Resilient event-driven Serverless architectures: Isolate your dependencies
Most systems grow over time. Dependencies are added, and availability suffers. How can we design an event-driven serverless architecture that stays resilient if we add dependencies? In this blog post, I walk you through a real-world application that isolates dependencies using Kinesis data streams.
Early this year, Andreas and I decided to research how we can integrate Microsoft Teams with our ChatOps product marbot to increase our customer base. At the end of April, we launched a private beta with a couple of early adopters. On June 19, we launched marbot for Microsoft Teams.
I shared the first version of marbot’s architecture three years ago. Followed by my Evolutionary Serverless Architecture talk in 2019. Today, I provide an update on the marbot architecture and show you how we added Microsoft Teams support without disrupting our Slack customers.
The following figure shows the current marbot architecture. I explain the details in the following (starting from the bottom left).
Most of our customers use marbot to connect to over 50 AWS sources to get notified if things go wrong. Depending on the AWS service, an EventBridge Rule, CloudWatch Alarm, or more service-specific features are used to subscribe to the events. All events are published to an SNS topic and forwarded to marbot via HTTPS.
If marbot receives an event, we:
- Parse the event.
- Extract important information (AWS account, region, instance id, etc.).
- Classify the event (alert or notification).
- Check if similar events are available to aggregate them (deduplication).
- Generate links to the AWS Management Console.
- Start an escalation chain and send out the first message to Slack or Microsoft Teams.
We learned the hard way that external dependencies (e.g., Slack API) are unreliable. Therefore, our processing happens asynchronously and in an idempotent way. This allows us to receive all events from our customers while we retry until the external dependency becomes available again to deliver each alert eventually. marbot’s architecture is designed never to lose alerts from our customers.
With the introduction of a new external dependency, we asked one question: Will this lower our availability? If our processing logic relies on Slack and Microsoft Teams, the availability of marbot will decrease. Let’s look at one example:
Availability = Kinesis Data Stream Availability x Lambda Availability x DynamoDB availability x Slack Availability x Microsoft Teams Availability |
We can simplify and concentrate on the non-AWS dependencies. Before:
Availability = Slack Availability |
After adding Microsoft Teams:
Availability = Slack Availability x Microsoft Teams Availability |
As you can see, the availability is reduced if we add a dependency.

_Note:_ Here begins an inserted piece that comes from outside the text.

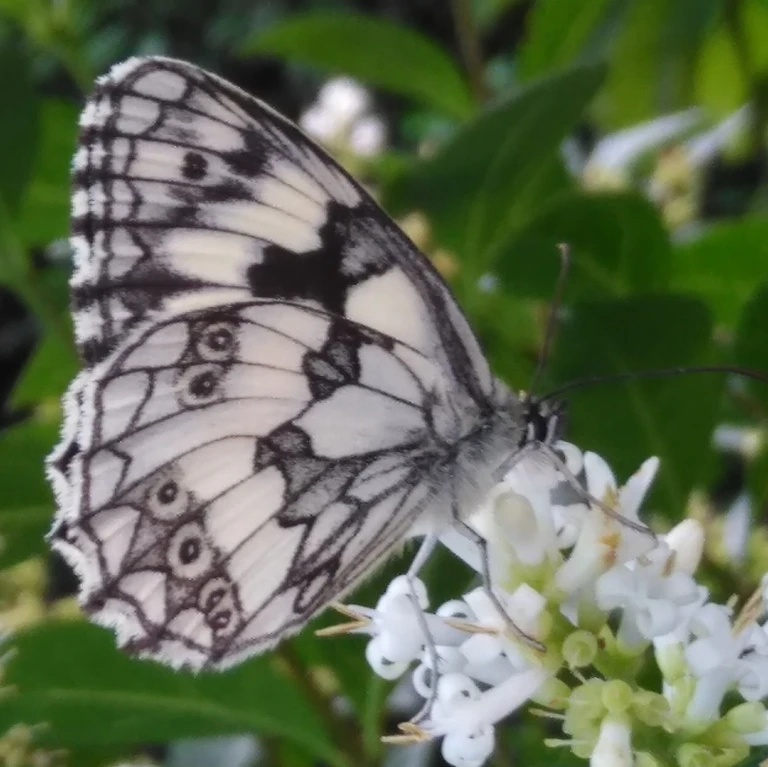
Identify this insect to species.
Melanargia galathea
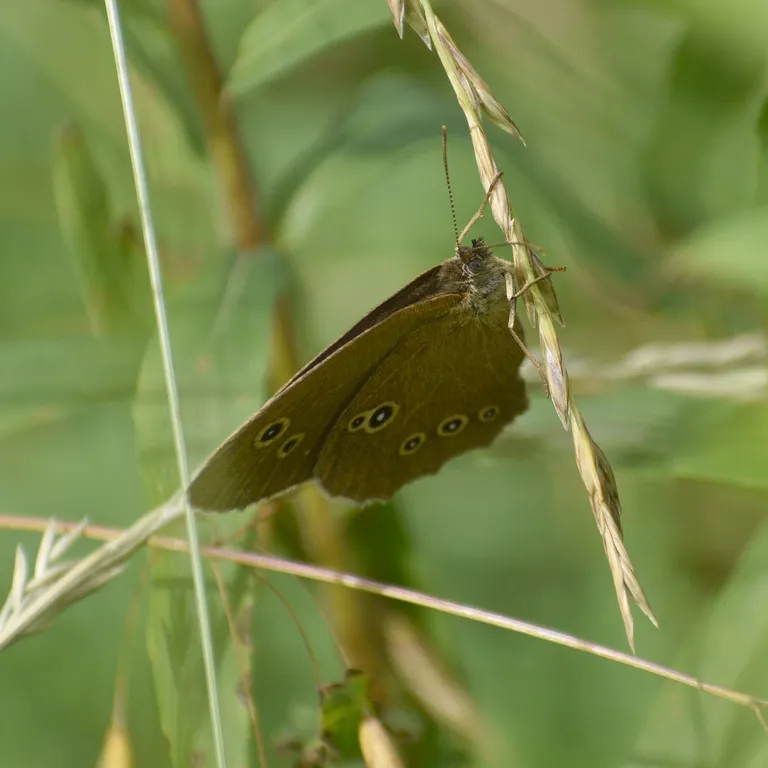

To avoid this problem, we need to isolate the processing of Slack and Microsoft Teams customers. If Slack is down, we don’t want to interrupt our Microsoft Teams customers and vice versa.
We already had one Kinesis stream. We decided that the existing stream is used only for Slack customers. A second Kinesis stream was added to deal with Microsoft Teams customers. The existing code was changed to route messages to the appropriate stream. With this design, our Microsoft Teams customers will not notice if Slack is down! If our new Microsoft Teams code has bugs, we will not impact our happy Slack customers.
Besides our logic that runs behind Kinesis streams, we also have logic that runs behind a DynamoDB stream. This logic is not impacting the availability of marbot. Therefore, we have not introduced an isolation layer.
We also have a bunch of Step Function state machines to implement:
- Escalation chains.
- Onboarding functionality to welcome new users.
- Clean up tasks to delete data if marbot is uninstalled.
The cool thing about a Step Function execution is that each execution is isolated by default. Therefore, we use some of the state machines for Slack and Microsoft Teams customers. But we also have state machines that are needed only in the context of Slack or Microsoft Teams.
Summary
If you add additional dependencies to your architecture, you likely decrease your system’s availability. If possible, try to isolate the dependencies not to lower the availability of your system.